You are viewing a plain text version of this content. The canonical link for it is here.

Posted to common-user@hadoop.apache.org by Rob Stewart <ro...@googlemail.com> on 2010/12/20 03:17:29 UTC

Hadoop Scalability - A Case Study: Concordance

Hi All,

I recently entered an Hadoop implementation for the SICSA Muticore
Challenge, held last week:
http://www.macs.hw.ac.uk/sicsawiki/index.php/Challenge_PhaseI

The aim was to implement the concordance application, in whichever
language, or framework you felt best.

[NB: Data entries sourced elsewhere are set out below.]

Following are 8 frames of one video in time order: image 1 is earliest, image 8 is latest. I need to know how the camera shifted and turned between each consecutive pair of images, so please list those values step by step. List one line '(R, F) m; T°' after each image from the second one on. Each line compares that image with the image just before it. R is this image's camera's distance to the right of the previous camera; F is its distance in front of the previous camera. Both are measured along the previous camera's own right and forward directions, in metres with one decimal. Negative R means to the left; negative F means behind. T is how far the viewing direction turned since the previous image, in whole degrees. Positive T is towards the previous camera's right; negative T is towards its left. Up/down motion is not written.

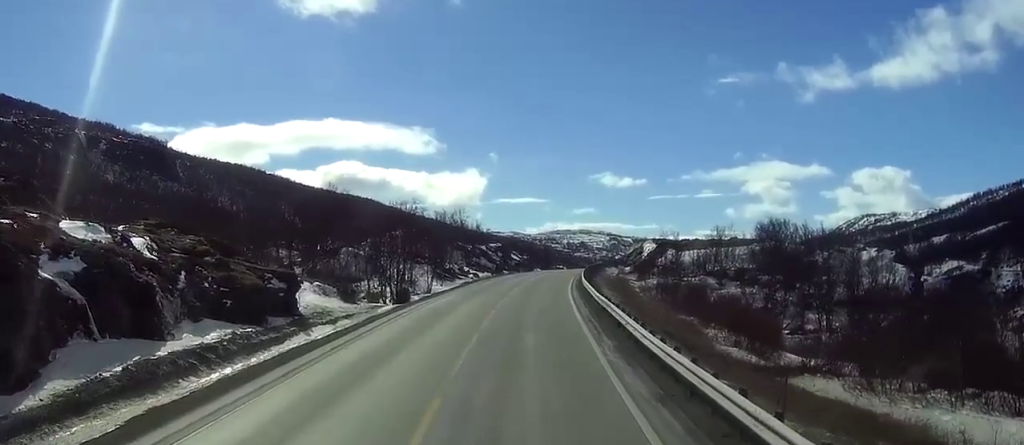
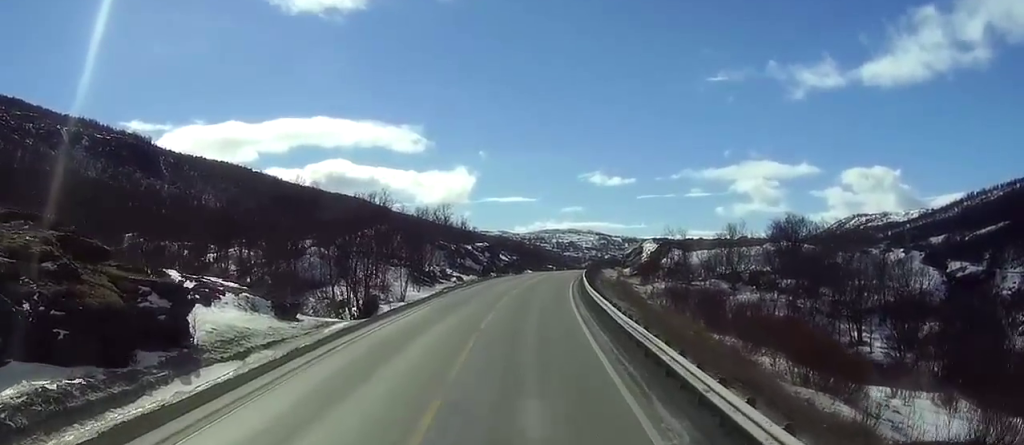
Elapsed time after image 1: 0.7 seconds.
(0.0, +12.6) m; 0°
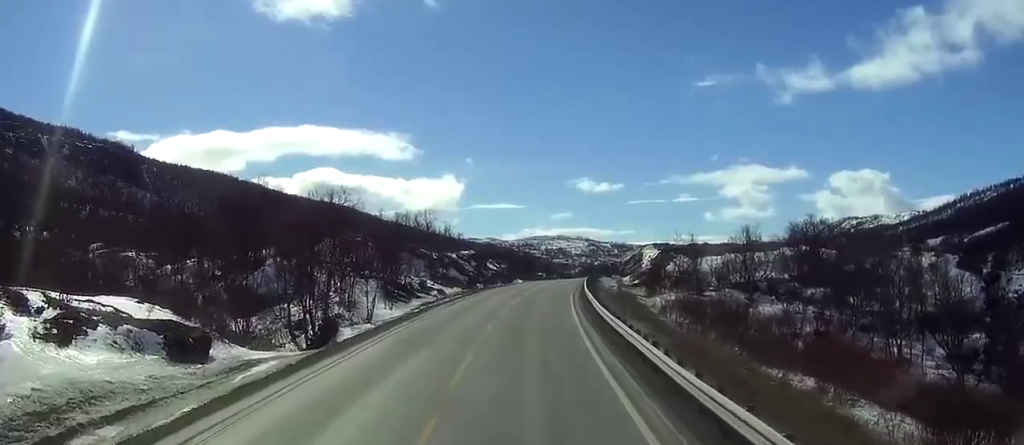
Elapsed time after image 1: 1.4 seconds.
(0.0, +12.0) m; +1°
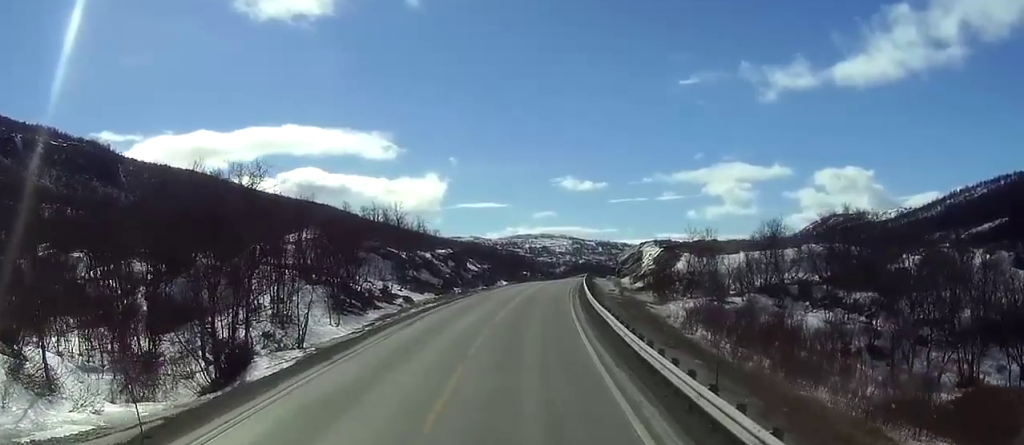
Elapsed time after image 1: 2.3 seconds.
(+0.2, +15.8) m; +2°
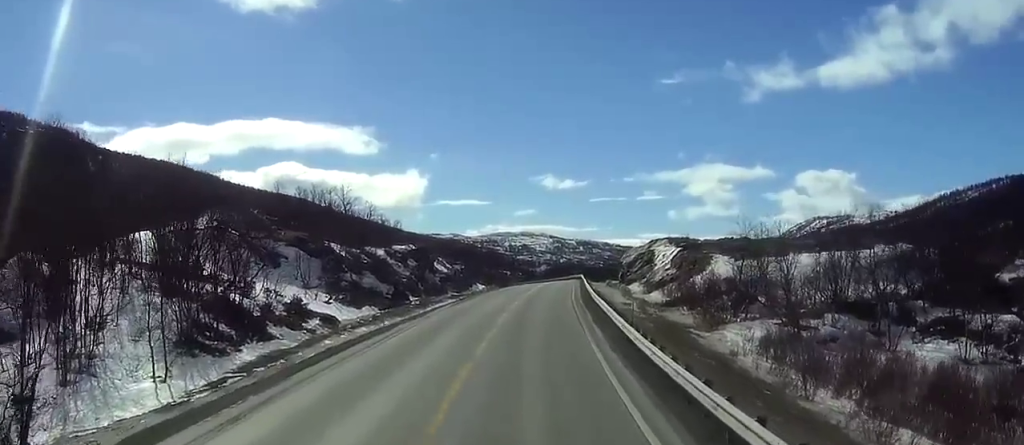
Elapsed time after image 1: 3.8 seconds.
(+0.5, +25.1) m; +1°
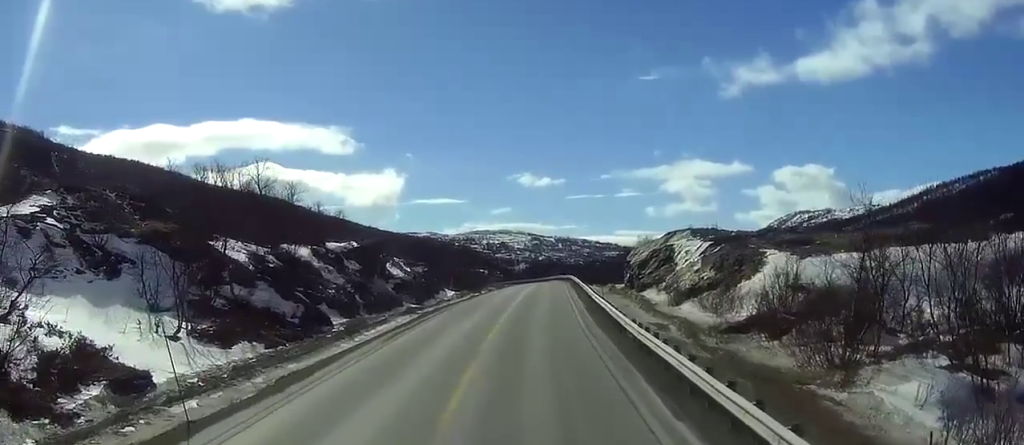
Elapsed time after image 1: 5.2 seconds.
(-0.1, +23.5) m; 0°
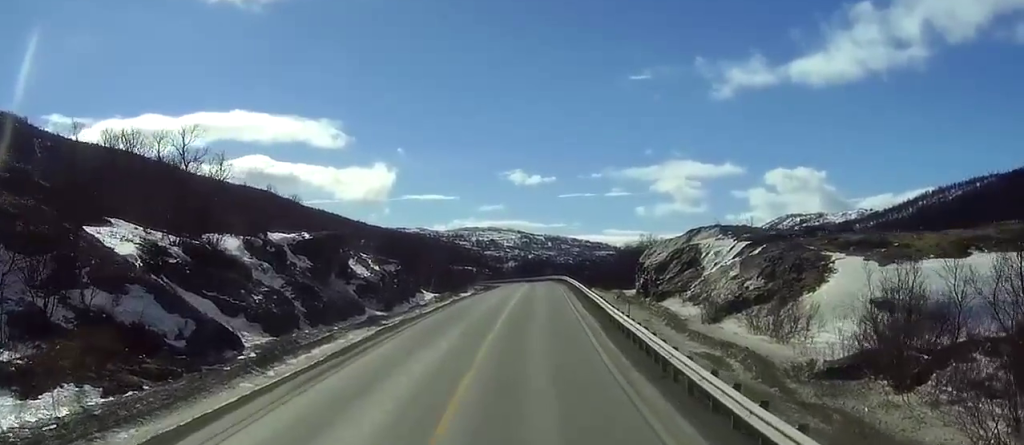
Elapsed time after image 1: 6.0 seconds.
(+0.1, +14.1) m; +1°
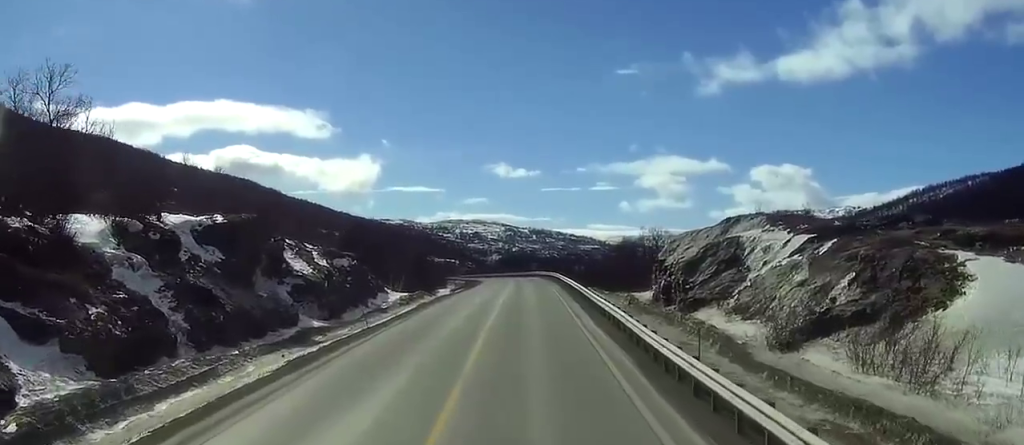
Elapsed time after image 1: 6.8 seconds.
(+0.1, +15.0) m; +1°

We ended up comparing a wide
variety, including Erlang, Parallel Haskell, Java with Fork/Join, and
OpenMP, amongst others.

Whilst most implementations gave very low runtime for very small
inputs, Hadoop was not able (and is not designed) to do so. But where
the Hadoop implementation shone through, was the scaling of input
size. I have written a summary of my implementation, optimizations,
and put a link to the complete set of slides I presented, at this
address:

http://www.macs.hw.ac.uk/~rs46/multicore_challenge1/

Perhaps the highlight of these results is (running on 16 nodes):
Benchmark 1
---
Input File: Bible.txt - 801,541 words
Runtime: 36 seconds

Benchmark 2
---
Input File: ascii100MB.txt - 18,030,005 words
Runtime: 65 seconds

That is an increase multiplier for input size of 22.5, but an increase
in runtime of just 1.8.
------------

Feedback would be welcome. It was interesting to see that some of the
shared memory implementations were not able to compute the 100mb file
without Out-Of-Memory errors. This was not a problem for Hadoop.

There is a plan to hold another Multicore Challenge, in May 2011. If
anyone wants to make any inquiries, I suggest you get in touch with
the faciliator, Hans-Wolfgang Loidl, who's named at the bottom of this
page:
http://www.sicsa.ac.uk/news/sicsa-multicore-challenge

Regards,


Rob Stewart